» **Your goal**: The entries are to be written out word for word, with their images left out.

» **Source records**:
########################################

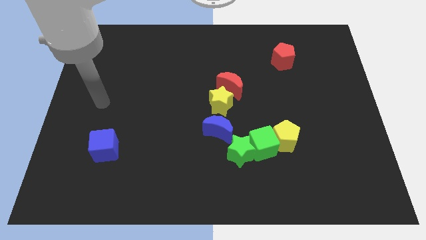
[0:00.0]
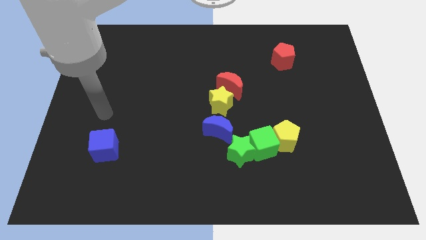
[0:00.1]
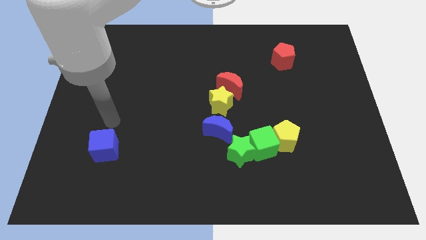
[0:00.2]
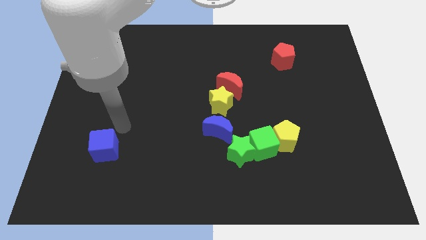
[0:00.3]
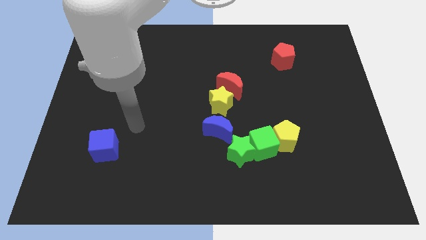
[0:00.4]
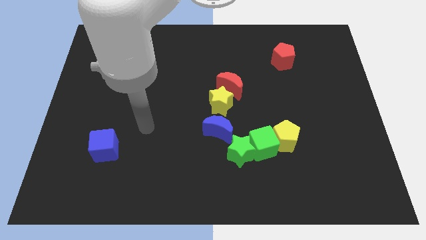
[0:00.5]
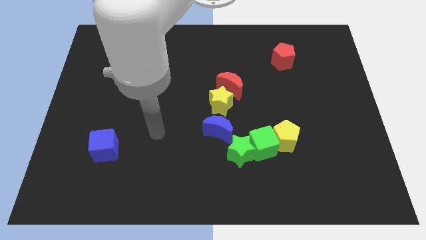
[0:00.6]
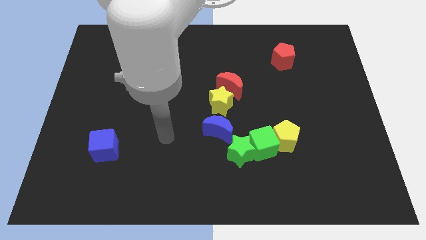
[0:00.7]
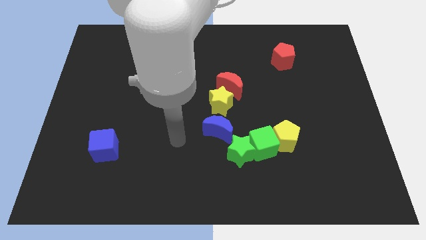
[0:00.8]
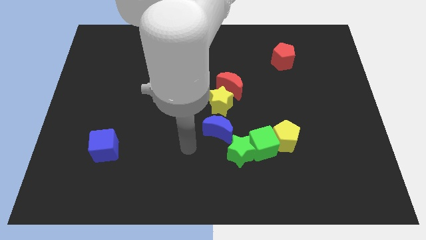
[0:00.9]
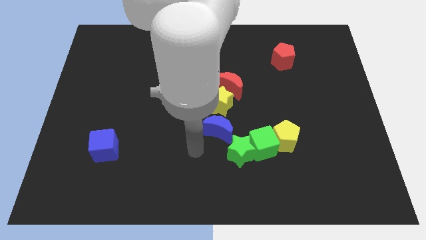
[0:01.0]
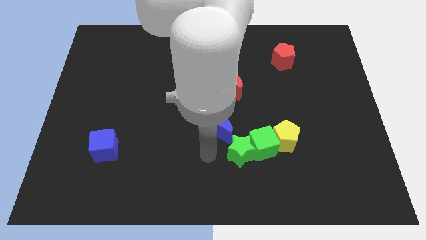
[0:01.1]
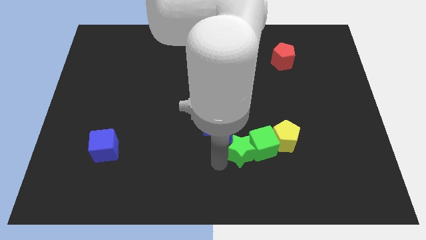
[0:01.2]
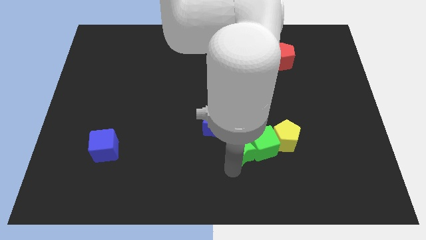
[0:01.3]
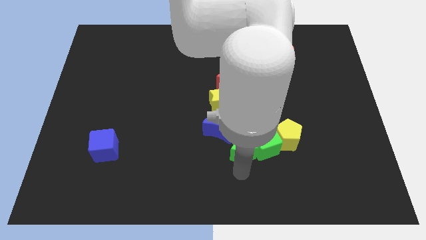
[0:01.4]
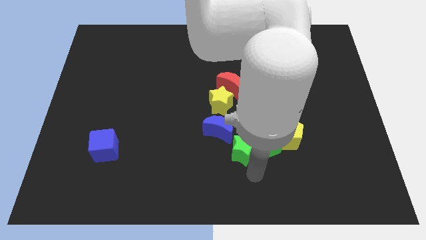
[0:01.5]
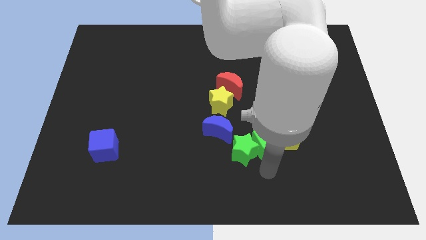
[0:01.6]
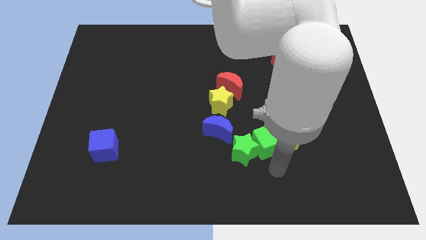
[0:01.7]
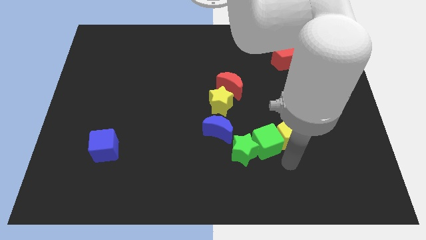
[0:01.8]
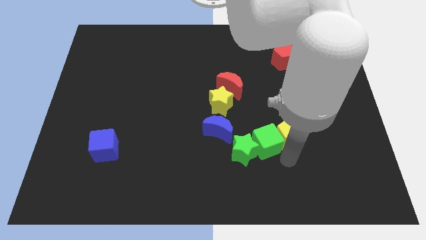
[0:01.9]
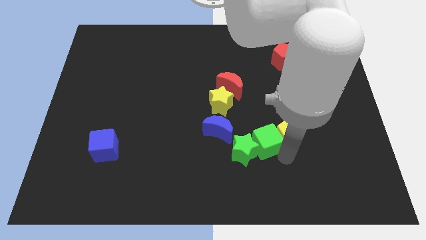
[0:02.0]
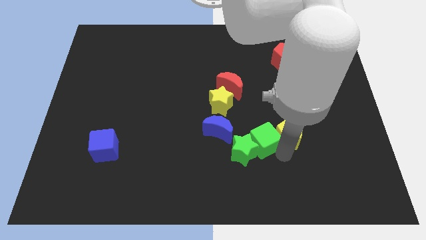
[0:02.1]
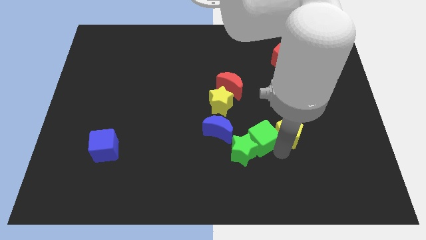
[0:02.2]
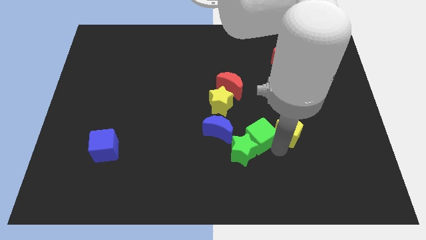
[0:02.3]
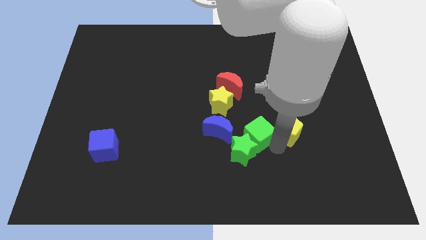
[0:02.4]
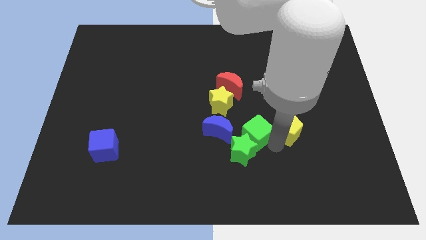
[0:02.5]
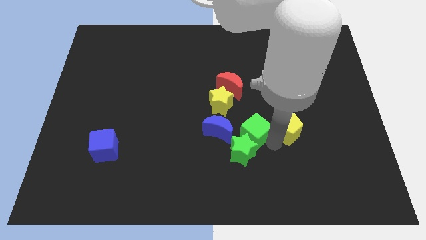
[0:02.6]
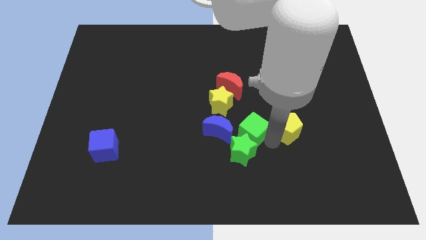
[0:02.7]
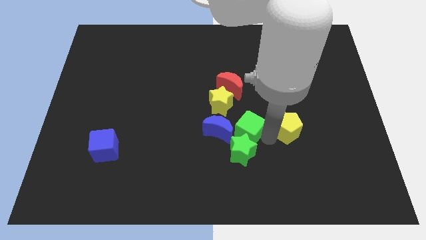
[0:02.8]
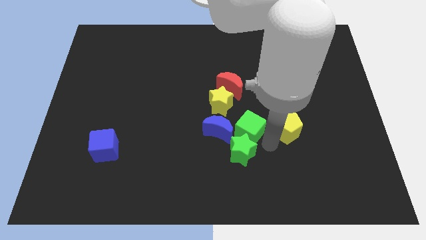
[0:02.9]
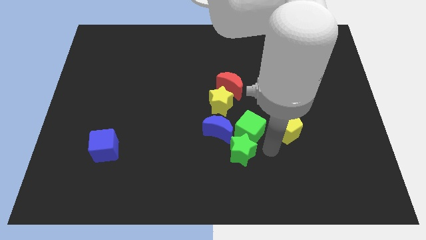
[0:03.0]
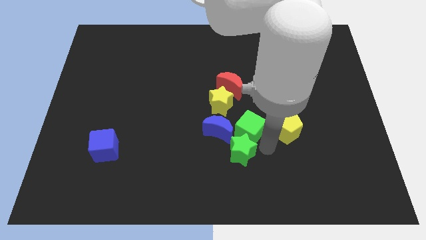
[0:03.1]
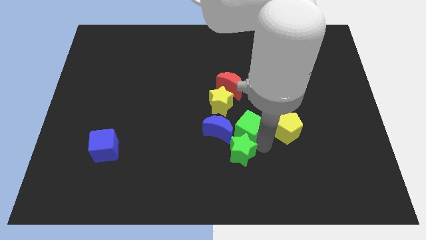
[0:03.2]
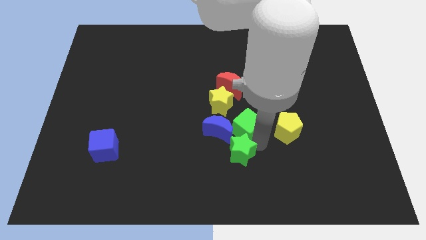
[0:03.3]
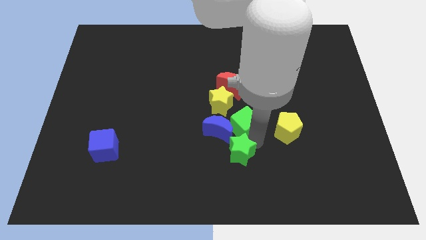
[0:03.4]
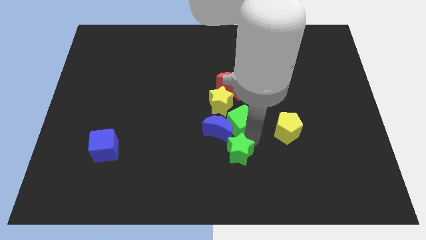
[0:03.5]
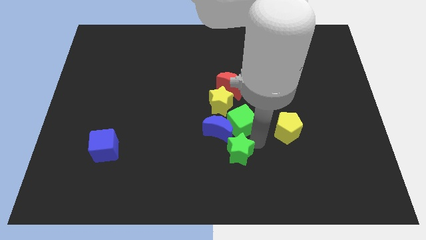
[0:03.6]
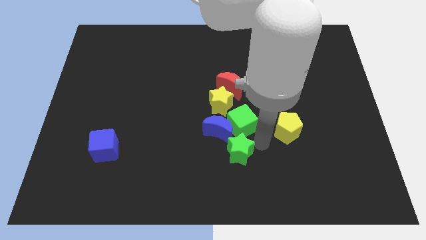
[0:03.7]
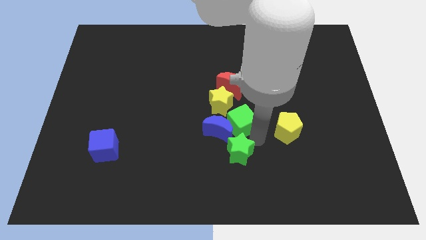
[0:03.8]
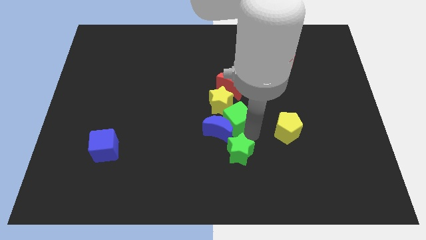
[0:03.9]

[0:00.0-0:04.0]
move the green cube to the yellow star

########################################

» **Answer to this task**:
[0:00.0]
[0:00.1]
[0:00.2]
[0:00.3]
[0:00.4]
[0:00.5]
[0:00.6]
[0:00.7]
[0:00.8]
[0:00.9]
[0:01.0]
[0:01.1]
[0:01.2]
[0:01.3]
[0:01.4]
[0:01.5]
[0:01.6]
[0:01.7]
[0:01.8]
[0:01.9]
[0:02.0]
[0:02.1]
[0:02.2]
[0:02.3]
[0:02.4]
[0:02.5]
[0:02.6]
[0:02.7]
[0:02.8]
[0:02.9]
[0:03.0]
[0:03.1]
[0:03.2]
[0:03.3]
[0:03.4]
[0:03.5]
[0:03.6]
[0:03.7]
[0:03.8]
[0:03.9]

[0:00.0-0:04.0]
move the green cube to the yellow star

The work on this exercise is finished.